● DESCRIPTION OF THE TASK: Copy each record exactly as it reads, leaving out any pictures it holds.

● MATERIALS PROVIDED:
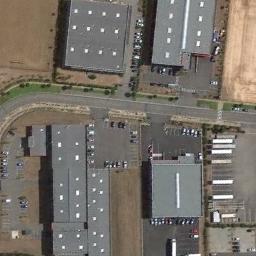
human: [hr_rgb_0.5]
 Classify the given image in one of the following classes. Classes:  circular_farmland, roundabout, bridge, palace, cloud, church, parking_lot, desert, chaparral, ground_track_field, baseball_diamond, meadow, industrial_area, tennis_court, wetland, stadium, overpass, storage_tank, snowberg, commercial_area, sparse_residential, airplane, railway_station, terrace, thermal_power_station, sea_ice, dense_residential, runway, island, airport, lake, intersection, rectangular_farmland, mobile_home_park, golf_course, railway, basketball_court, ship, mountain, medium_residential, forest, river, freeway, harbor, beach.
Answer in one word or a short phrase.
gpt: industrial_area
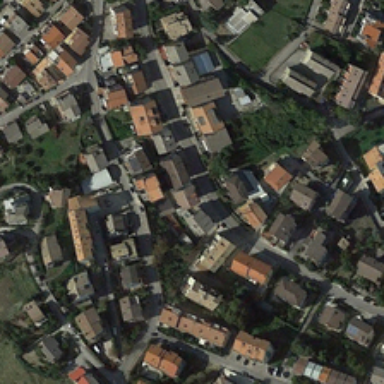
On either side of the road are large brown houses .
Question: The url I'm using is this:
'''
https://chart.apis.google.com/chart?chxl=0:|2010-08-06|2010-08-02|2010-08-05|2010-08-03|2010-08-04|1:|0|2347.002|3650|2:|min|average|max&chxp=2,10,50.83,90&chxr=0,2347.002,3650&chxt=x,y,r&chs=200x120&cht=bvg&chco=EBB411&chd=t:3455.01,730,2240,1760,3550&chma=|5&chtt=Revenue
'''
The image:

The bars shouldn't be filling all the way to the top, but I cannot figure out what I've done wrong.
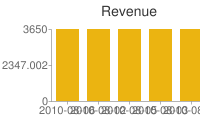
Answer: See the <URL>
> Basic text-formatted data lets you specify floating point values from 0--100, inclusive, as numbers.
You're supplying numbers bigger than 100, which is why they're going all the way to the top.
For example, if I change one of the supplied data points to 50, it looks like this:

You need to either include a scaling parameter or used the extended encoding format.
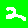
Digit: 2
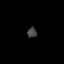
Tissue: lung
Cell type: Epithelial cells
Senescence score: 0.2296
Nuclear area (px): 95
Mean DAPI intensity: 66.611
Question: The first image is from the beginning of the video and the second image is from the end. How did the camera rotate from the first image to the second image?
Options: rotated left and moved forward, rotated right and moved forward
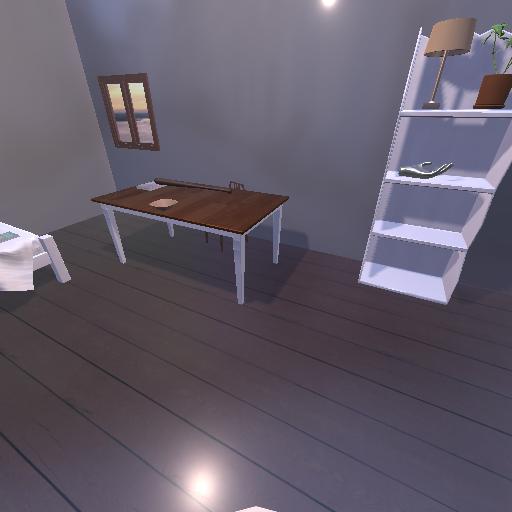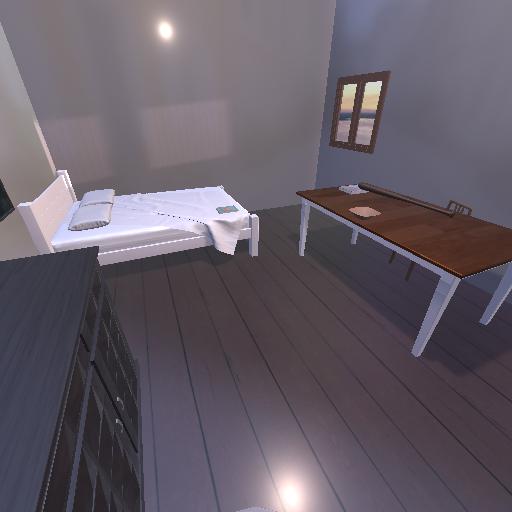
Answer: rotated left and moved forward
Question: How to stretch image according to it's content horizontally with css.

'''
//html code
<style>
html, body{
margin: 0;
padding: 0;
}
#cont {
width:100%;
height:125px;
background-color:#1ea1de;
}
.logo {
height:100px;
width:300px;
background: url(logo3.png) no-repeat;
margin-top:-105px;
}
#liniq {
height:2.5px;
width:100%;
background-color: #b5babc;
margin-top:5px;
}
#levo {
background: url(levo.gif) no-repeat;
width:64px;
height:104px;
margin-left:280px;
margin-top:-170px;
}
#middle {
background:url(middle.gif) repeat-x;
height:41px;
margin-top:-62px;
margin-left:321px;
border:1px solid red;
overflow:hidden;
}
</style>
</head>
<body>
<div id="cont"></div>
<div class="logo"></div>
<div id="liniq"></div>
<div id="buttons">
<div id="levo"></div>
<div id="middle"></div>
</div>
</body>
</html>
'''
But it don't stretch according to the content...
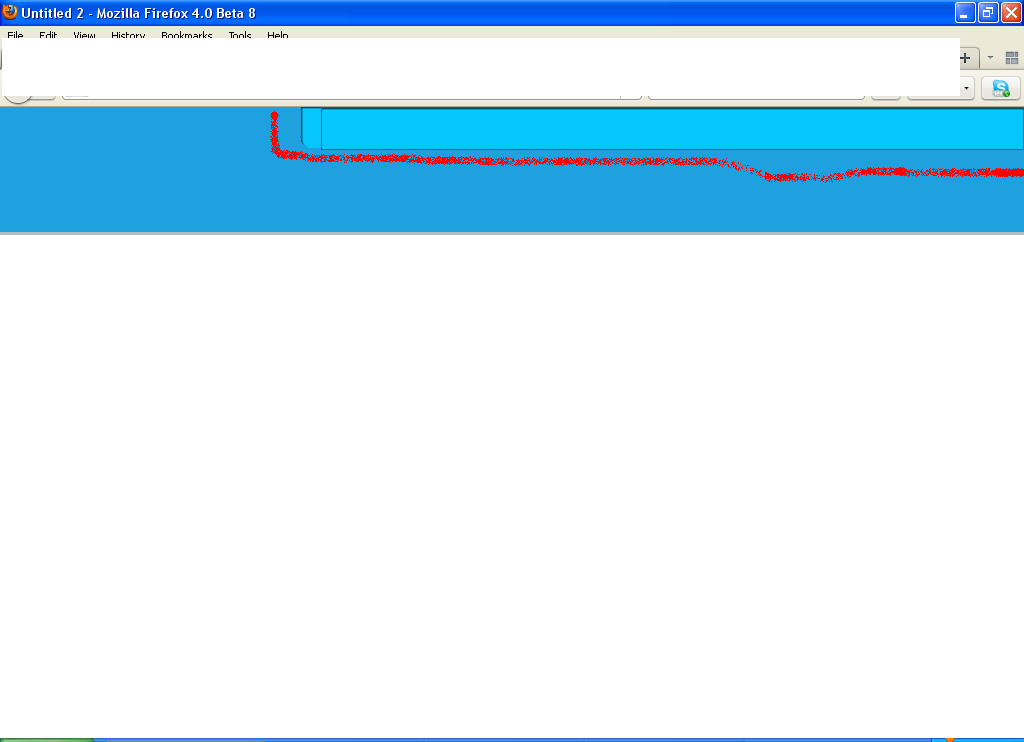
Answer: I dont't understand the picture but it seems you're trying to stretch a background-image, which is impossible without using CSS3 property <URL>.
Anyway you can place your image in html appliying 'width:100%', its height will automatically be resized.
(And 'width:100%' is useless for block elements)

● RESPONSE TO THIS TASK:
human: [hr_rgb_0.5]
 Classify the given image in one of the following classes. Classes:  circular_farmland, roundabout, bridge, palace, cloud, church, parking_lot, desert, chaparral, ground_track_field, baseball_diamond, meadow, industrial_area, tennis_court, wetland, stadium, overpass, storage_tank, snowberg, commercial_area, sparse_residential, airplane, railway_station, terrace, thermal_power_station, sea_ice, dense_residential, runway, island, airport, lake, intersection, rectangular_farmland, mobile_home_park, golf_course, railway, basketball_court, ship, mountain, medium_residential, forest, river, freeway, harbor, beach.
Answer in one word or a short phrase.
gpt: industrial_area
On either side of the road are large brown houses .
Question: The url I'm using is this:
'''
https://chart.apis.google.com/chart?chxl=0:|2010-08-06|2010-08-02|2010-08-05|2010-08-03|2010-08-04|1:|0|2347.002|3650|2:|min|average|max&chxp=2,10,50.83,90&chxr=0,2347.002,3650&chxt=x,y,r&chs=200x120&cht=bvg&chco=EBB411&chd=t:3455.01,730,2240,1760,3550&chma=|5&chtt=Revenue
'''
The image:

The bars shouldn't be filling all the way to the top, but I cannot figure out what I've done wrong.
Answer: See the <URL>
> Basic text-formatted data lets you specify floating point values from 0--100, inclusive, as numbers.
You're supplying numbers bigger than 100, which is why they're going all the way to the top.
For example, if I change one of the supplied data points to 50, it looks like this:

You need to either include a scaling parameter or used the extended encoding format.
Digit: 2
Tissue: lung
Cell type: Epithelial cells
Senescence score: 0.2296
Nuclear area (px): 95
Mean DAPI intensity: 66.611
Question: The first image is from the beginning of the video and the second image is from the end. How did the camera rotate from the first image to the second image?
Options: rotated left and moved forward, rotated right and moved forward
Answer: rotated left and moved forward
Question: How to stretch image according to it's content horizontally with css.

'''
//html code
<style>
html, body{
margin: 0;
padding: 0;
}
#cont {
width:100%;
height:125px;
background-color:#1ea1de;
}
.logo {
height:100px;
width:300px;
background: url(logo3.png) no-repeat;
margin-top:-105px;
}
#liniq {
height:2.5px;
width:100%;
background-color: #b5babc;
margin-top:5px;
}
#levo {
background: url(levo.gif) no-repeat;
width:64px;
height:104px;
margin-left:280px;
margin-top:-170px;
}
#middle {
background:url(middle.gif) repeat-x;
height:41px;
margin-top:-62px;
margin-left:321px;
border:1px solid red;
overflow:hidden;
}
</style>
</head>
<body>
<div id="cont"></div>
<div class="logo"></div>
<div id="liniq"></div>
<div id="buttons">
<div id="levo"></div>
<div id="middle"></div>
</div>
</body>
</html>
'''
But it don't stretch according to the content...
Answer: I dont't understand the picture but it seems you're trying to stretch a background-image, which is impossible without using CSS3 property <URL>.
Anyway you can place your image in html appliying 'width:100%', its height will automatically be resized.
(And 'width:100%' is useless for block elements)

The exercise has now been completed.